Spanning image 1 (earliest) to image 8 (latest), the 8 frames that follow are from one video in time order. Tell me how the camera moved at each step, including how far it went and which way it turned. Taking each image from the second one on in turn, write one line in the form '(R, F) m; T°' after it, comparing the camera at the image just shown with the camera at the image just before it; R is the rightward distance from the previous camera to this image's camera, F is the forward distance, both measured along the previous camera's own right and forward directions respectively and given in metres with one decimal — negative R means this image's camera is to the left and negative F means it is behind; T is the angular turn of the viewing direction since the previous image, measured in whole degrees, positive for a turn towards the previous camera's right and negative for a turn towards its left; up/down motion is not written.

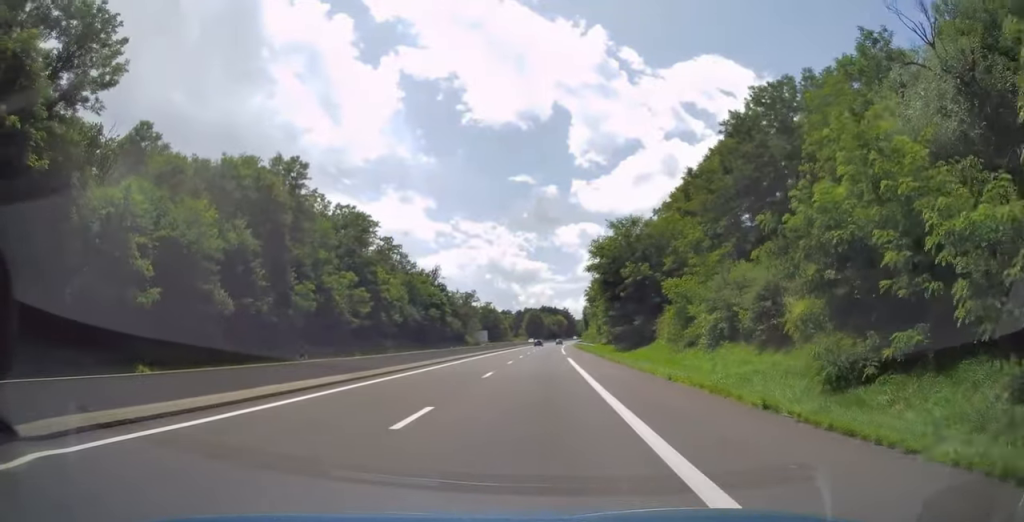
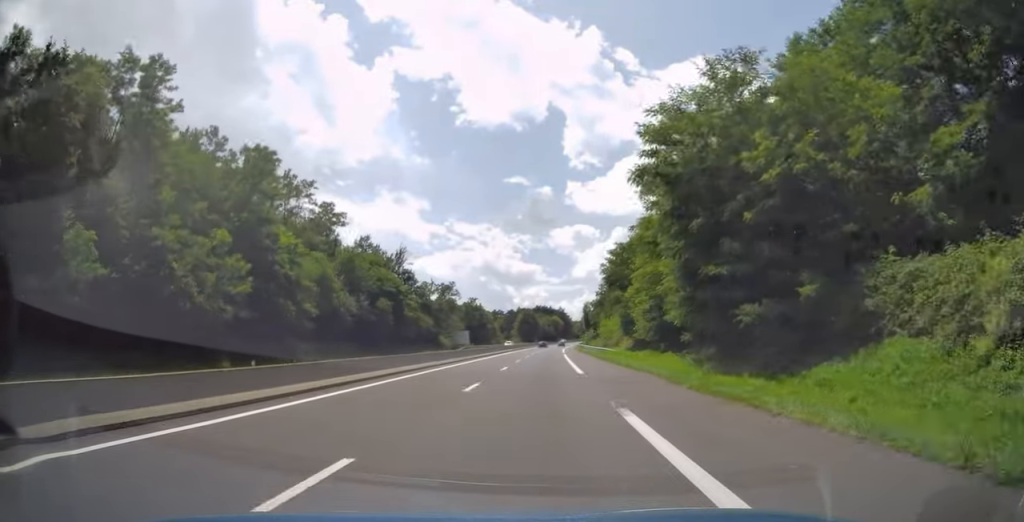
(-0.2, +31.4) m; 0°
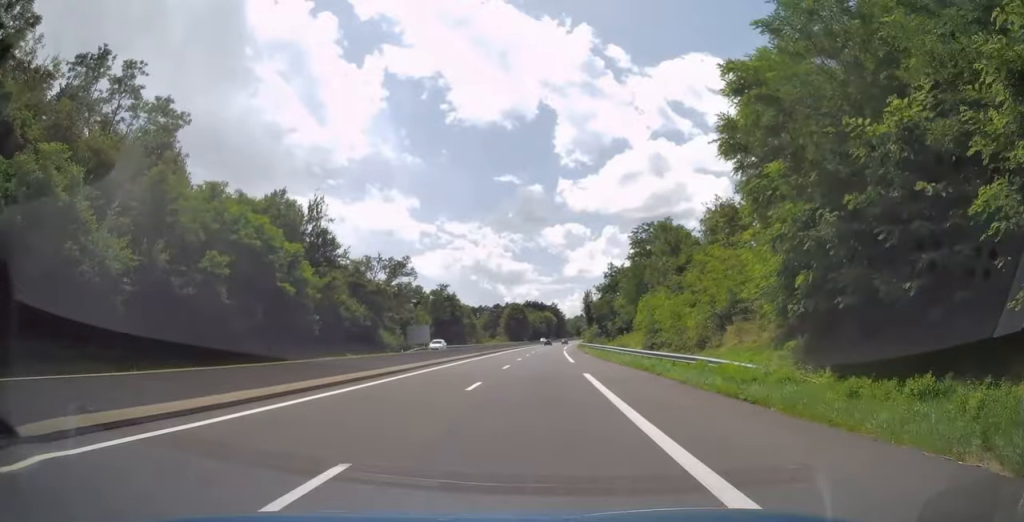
(+0.5, +40.7) m; +1°
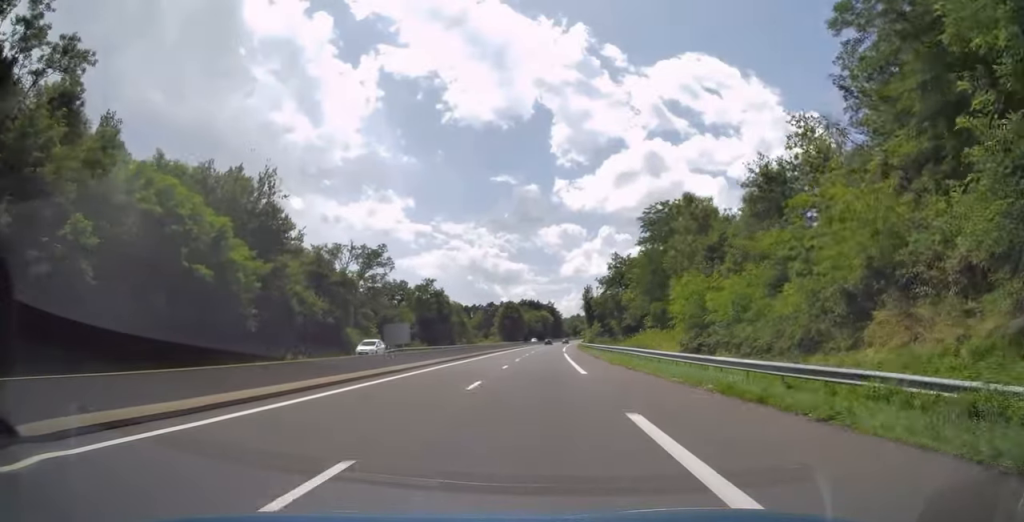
(0.0, +13.4) m; 0°
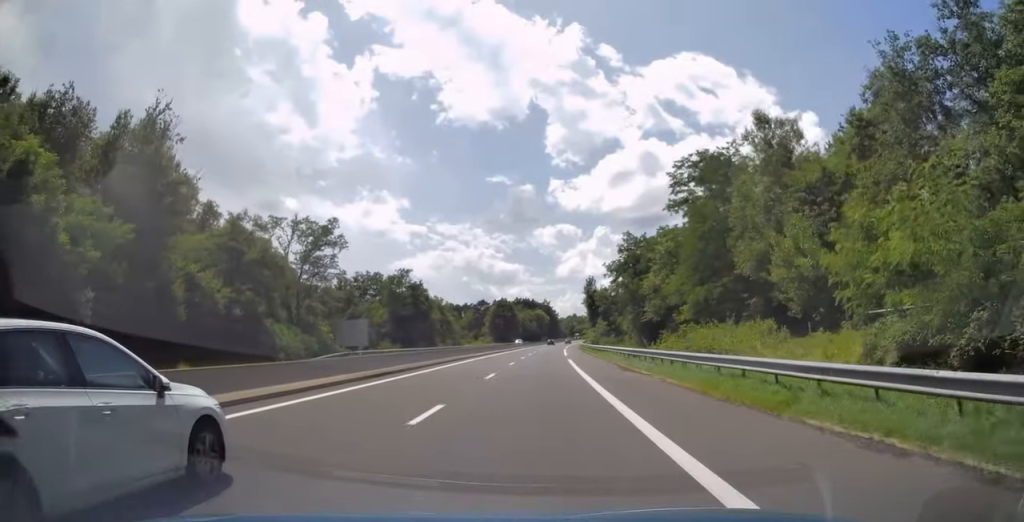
(0.0, +20.1) m; 0°
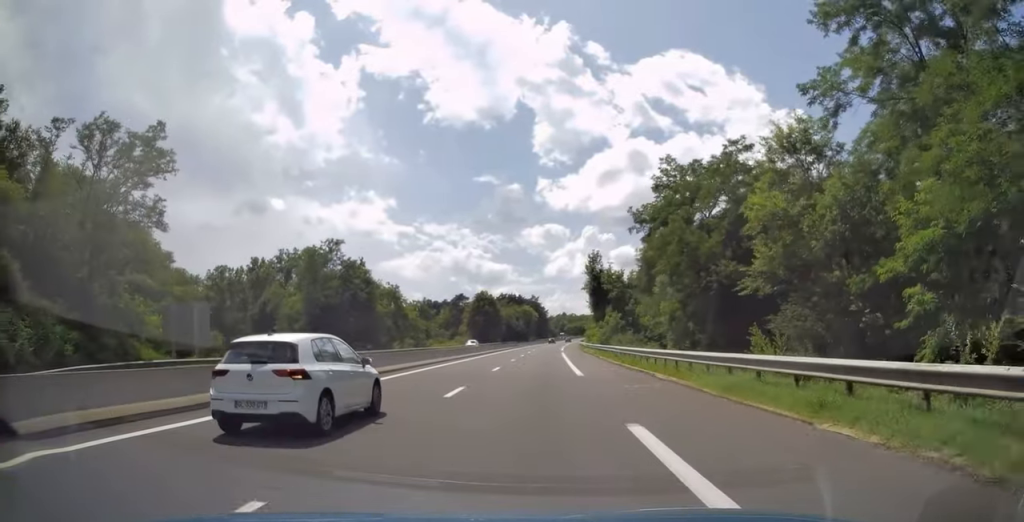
(+0.2, +34.0) m; +1°
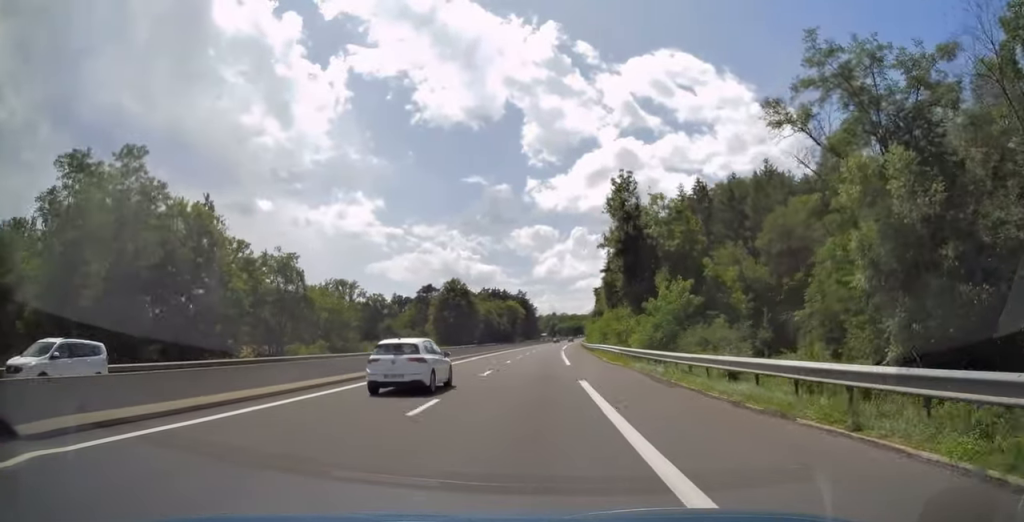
(+0.5, +42.3) m; +1°
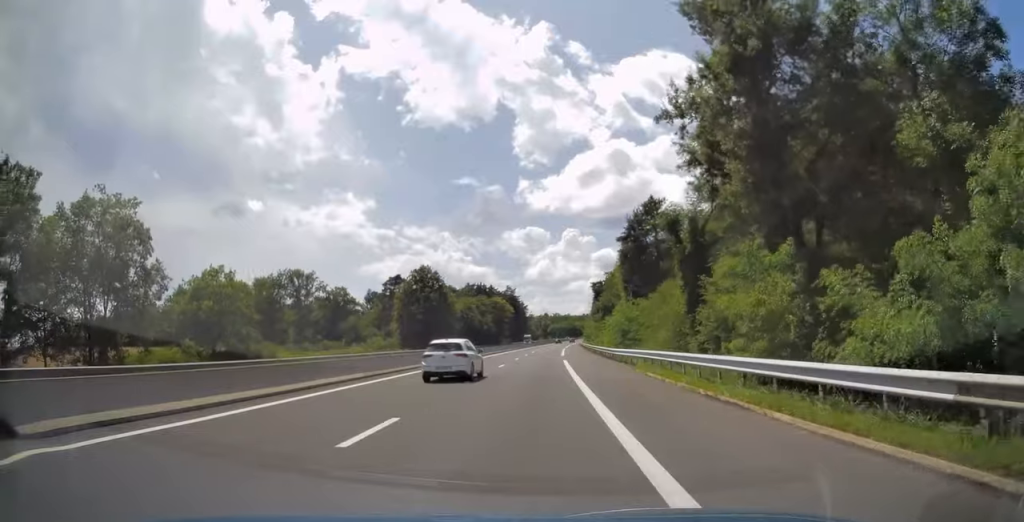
(+0.3, +29.4) m; +1°
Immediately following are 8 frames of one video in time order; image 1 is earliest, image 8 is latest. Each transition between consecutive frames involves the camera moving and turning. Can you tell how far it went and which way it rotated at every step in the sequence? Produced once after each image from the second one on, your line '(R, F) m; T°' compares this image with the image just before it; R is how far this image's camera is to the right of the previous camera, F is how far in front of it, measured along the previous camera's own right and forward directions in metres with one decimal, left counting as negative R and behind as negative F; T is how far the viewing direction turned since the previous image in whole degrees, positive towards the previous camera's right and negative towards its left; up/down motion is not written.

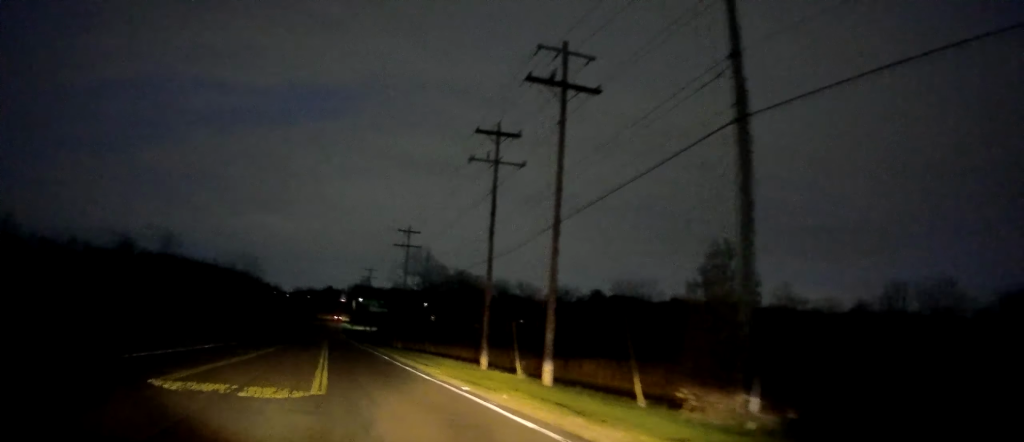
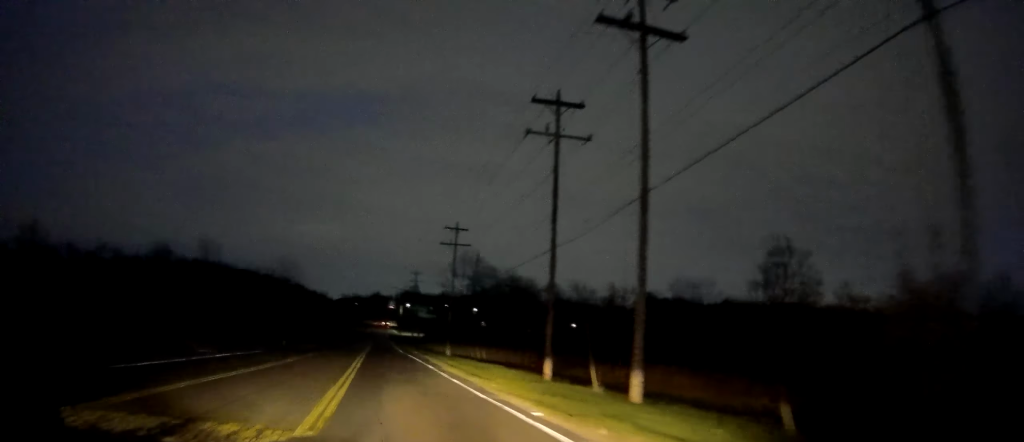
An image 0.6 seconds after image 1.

* **Exercise directions**:
Your task is to set down each line above verbatim while excluding the pictures.

* **Task result**:
Spanning image 1 (earliest) to image 8 (latest), the 8 frames that follow are from one video in time order. Tell me how the camera moved at each step, including how far it went and which way it turned. Taking each image from the second one on in turn, write one line in the form '(R, F) m; T°' after it, comparing the camera at the image just shown with the camera at the image just before it; R is the rightward distance from the previous camera to this image's camera, F is the forward distance, both measured along the previous camera's own right and forward directions respectively and given in metres with one decimal — negative R means this image's camera is to the left and negative F means it is behind; T is the angular turn of the viewing direction since the previous image, measured in whole degrees, positive for a turn towards the previous camera's right and negative for a turn towards its left; up/down motion is not written.

(-0.2, +31.4) m; 0°
(+0.5, +40.7) m; +1°
(0.0, +13.4) m; 0°
(0.0, +20.1) m; 0°
(+0.2, +34.0) m; +1°
(+0.5, +42.3) m; +1°
(+0.3, +29.4) m; +1°
Immediately following are 8 frames of one video in time order; image 1 is earliest, image 8 is latest. Each transition between consecutive frames involves the camera moving and turning. Can you tell how far it went and which way it rotated at every step in the sequence? Produced once after each image from the second one on, your line '(R, F) m; T°' compares this image with the image just before it; R is how far this image's camera is to the right of the previous camera, F is how far in front of it, measured along the previous camera's own right and forward directions in metres with one decimal, left counting as negative R and behind as negative F; T is how far the viewing direction turned since the previous image in whole degrees, positive towards the previous camera's right and negative towards its left; up/down motion is not written.

An image 0.6 seconds after image 1.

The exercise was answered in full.